The 90–9–1 rule, sometimes called the 1% rule, says that in any internet community:

  • 90% of users lurk and never comment/contribute,
  • 9% of users intermittently contribute, and
  • 1% of users heavily contribute and actually shape the majority of the dialogue.

I repeat: 90% of users lurk. This means it will often feel like you are talking into a void, which can get discouraging.

Sometimes readers love your content, *and* they don’t like publicly commenting on it for personal reasons. So it’s good to think about other ways you can collect data that proves readers are interacting with your content.

  • For email, these metrics could be things like open rate, reply rate, and user activity.
  • For social, seeing how long users watched a video or whether they swiped through a carousel of images could serve as a barometer for engagement.
  • For a website, perhaps you look at user time-on-page. Or perhaps you get brutally honest with yourself, download a free tool like Hotjar, and embrace the truth about what your visitors do and don’t do when they visit your site.

#3: Explore principles of neuromarketing

Neuromarketing is a fairly new term in which companies prioritize consumers’ subconscious behaviors more than what they say they want. Companies use fancy technologies like functional magnetic resonance imaging (fMRI) to measure this data.

In an article for the Harvard Business Review, editor Eben Harrell cited the following research:

“In 2012 researchers at Emory found that activity in a specific brain area, measured by fMRI while people were listening to music, significantly correlated with a song’s future popularity as measured by sales data three years later. But when participants were asked how much they liked the songs they heard, their responses did not predict sales.”

Translation: Consumers will often tell you they want one thing, but behind the scenes their brain chemistry registers something totally different. Big corporations use neuromarketing to see the knee-jerk responses humans have to things like slogans, graphics, or other marketing stimuli.

The good news is that you don’t need an fMRI machine in your living room to take advantage of some of the principles of neuromarketing.

It’s certainly worthwhile to engage your readers and hear about what they are working on and what they have to say. But it’s also good to look at how people are actually behaving as they interact with you and your online brand.

This is the intel we want as we steer the ship.

Measure what elicits the desired behaviors you want from your readers. Then do more of that and less of the rest.

#4: Make your audience smaller (Wait — what?)

That’s right.

Now that I’m clear that even email list size doesn’t make a big difference anymore to agents and publishers, I see no reason to continue sending my best content to people who haven’t read anything from me in ages.

So I’ve put an auto-unsubscribe email sequence in place. If someone hasn’t opened an email from me in several months, they are moved into an automation where I send them a couple “last call” emails, then unsubscribe them.

I turned this light switch on… yesterday. I was bracing to lose thousands of subscribers, but it’s not as bad as I expected.

About 1,050 people are on the chopping block this week, and in my copy I invite readers to follow me here or on Instagram instead if they prefer.

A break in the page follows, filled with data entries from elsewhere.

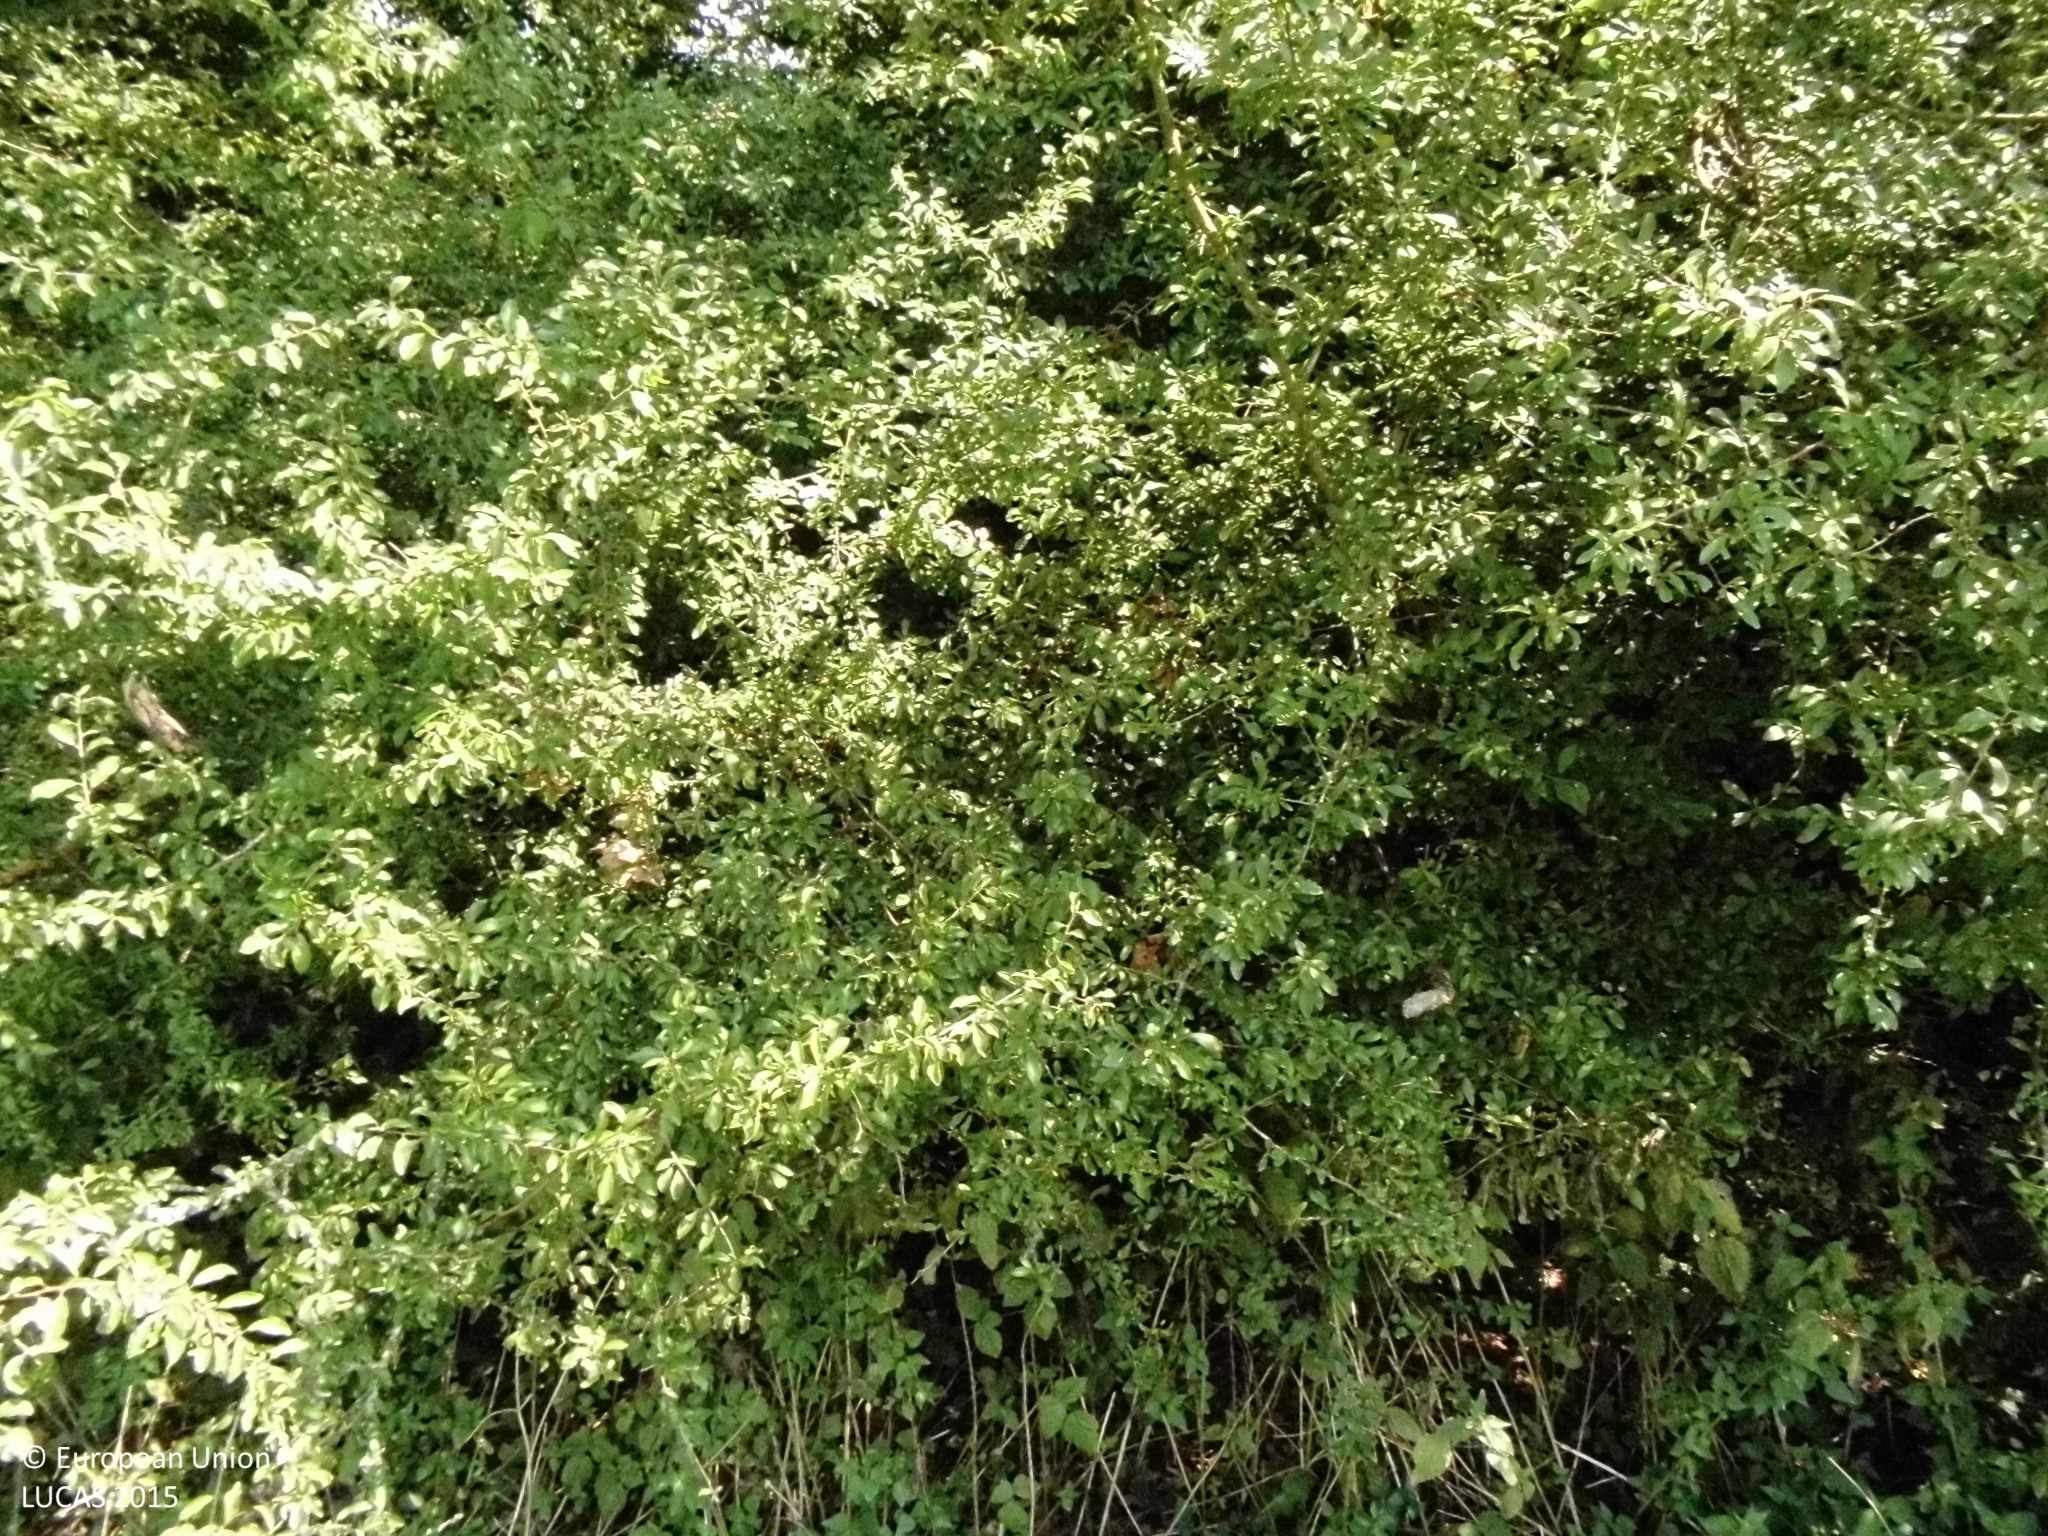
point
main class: Woodland
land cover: Broadleaved woodland
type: mesophytic deciduous forest
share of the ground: > 75 %
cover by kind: broadleaved forest trees 100 %
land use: Forestry
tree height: > 5 m
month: August
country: DE
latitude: 50.5645
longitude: 8.1227

Screenshot from author. Disengaged email subscribers are now offboarded after 120 days. Past clients remain subscribed.

It’s tough to let go of these hard-earned email subscribers. Y’all know I preach building an email list like nobody’s business.

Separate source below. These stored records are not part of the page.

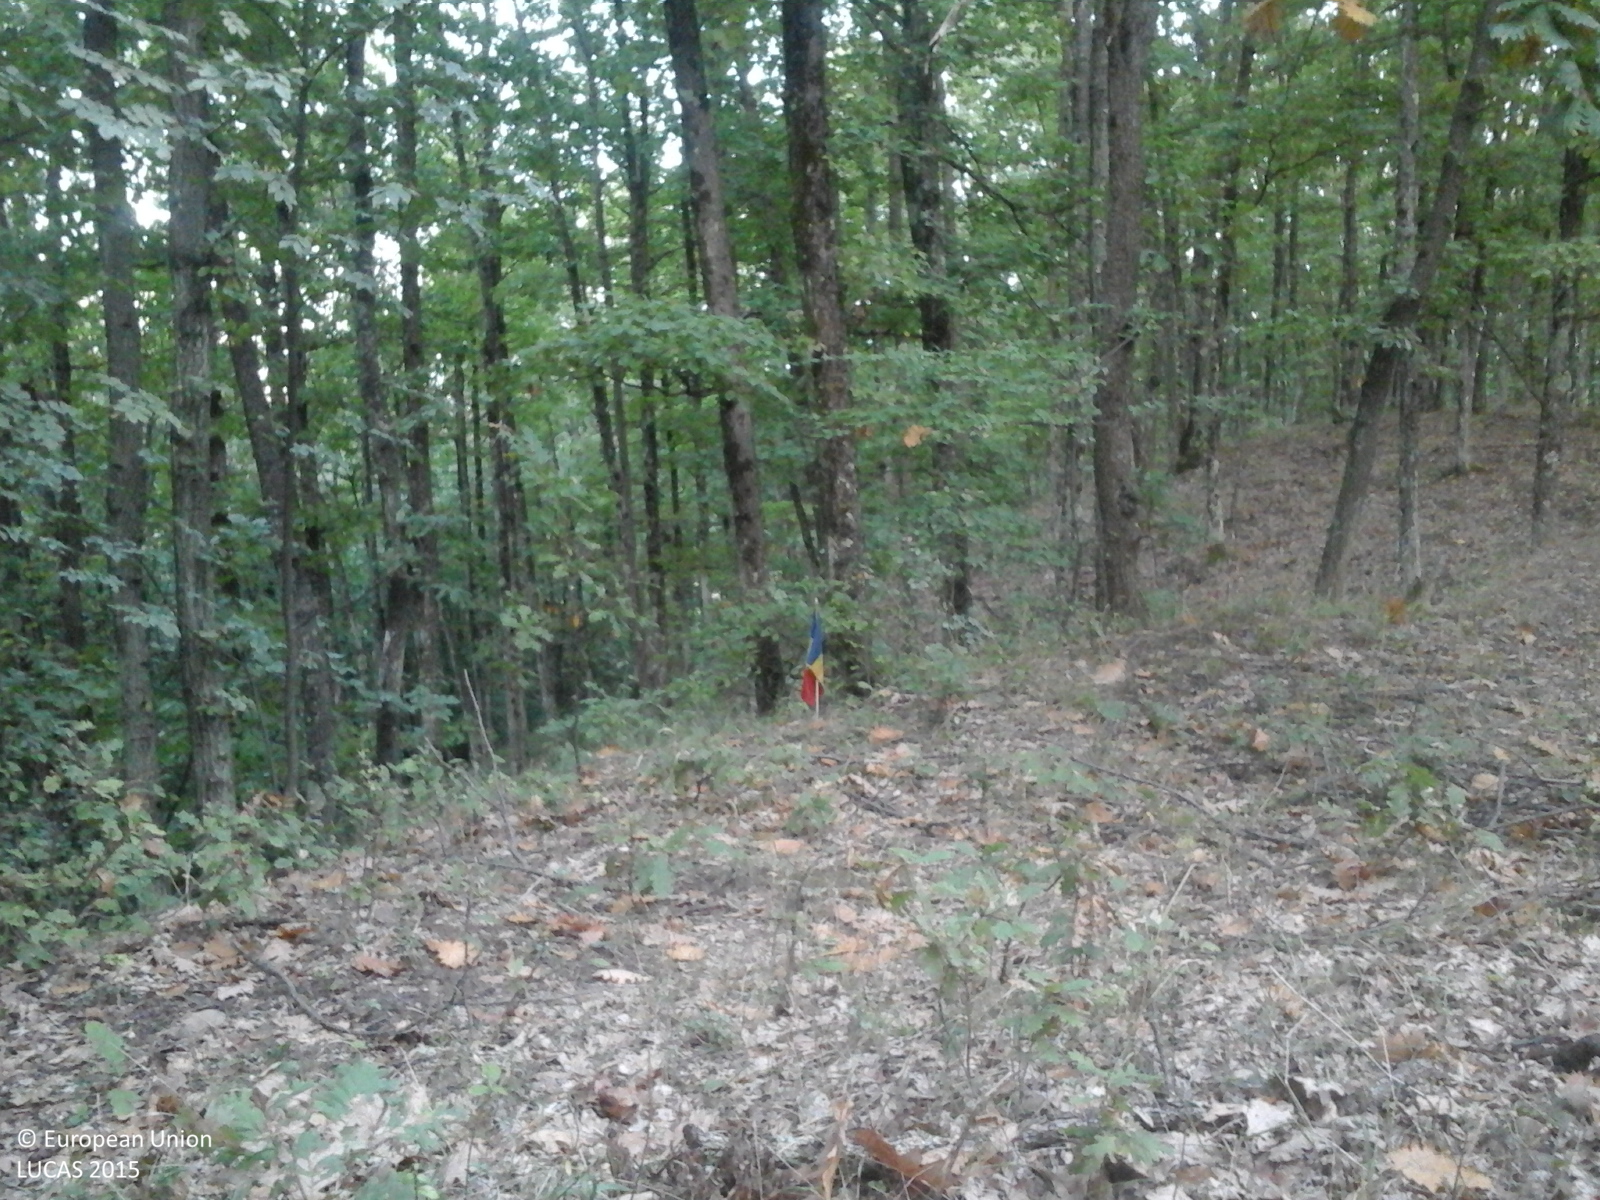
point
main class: Woodland
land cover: Broadleaved woodland
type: acidophilous oak and oak-birch forest
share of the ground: > 75 %
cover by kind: broadleaved forest trees 100 %
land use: Forestry
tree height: > 5 m
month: September
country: RO
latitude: 44.9025
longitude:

But much like dating, sometimes people are hot for you and your flavor one moment, and then a few days or weeks later the sizzle fizzles out.

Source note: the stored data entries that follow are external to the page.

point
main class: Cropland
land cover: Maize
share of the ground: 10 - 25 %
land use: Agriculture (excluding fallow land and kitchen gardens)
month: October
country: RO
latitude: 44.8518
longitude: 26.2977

I’d rather have a smaller audience of people who like my flavor than a giant audience that doesn’t even know who the hell I am. It may make sense for you to do the same.

Final Takeaways

It’s official: Hollywood and other non-Hollywood agents who look to represent talent and creators want to see engagement.

So let’s redefine “growing an audience” to be more about connecting with the right people than lots of people.

When you do this, you’ll not only position yourself for exciting opportunities down the line… you’ll maintain more of your sanity along the way as you navigate your online entrepreneurship adventure.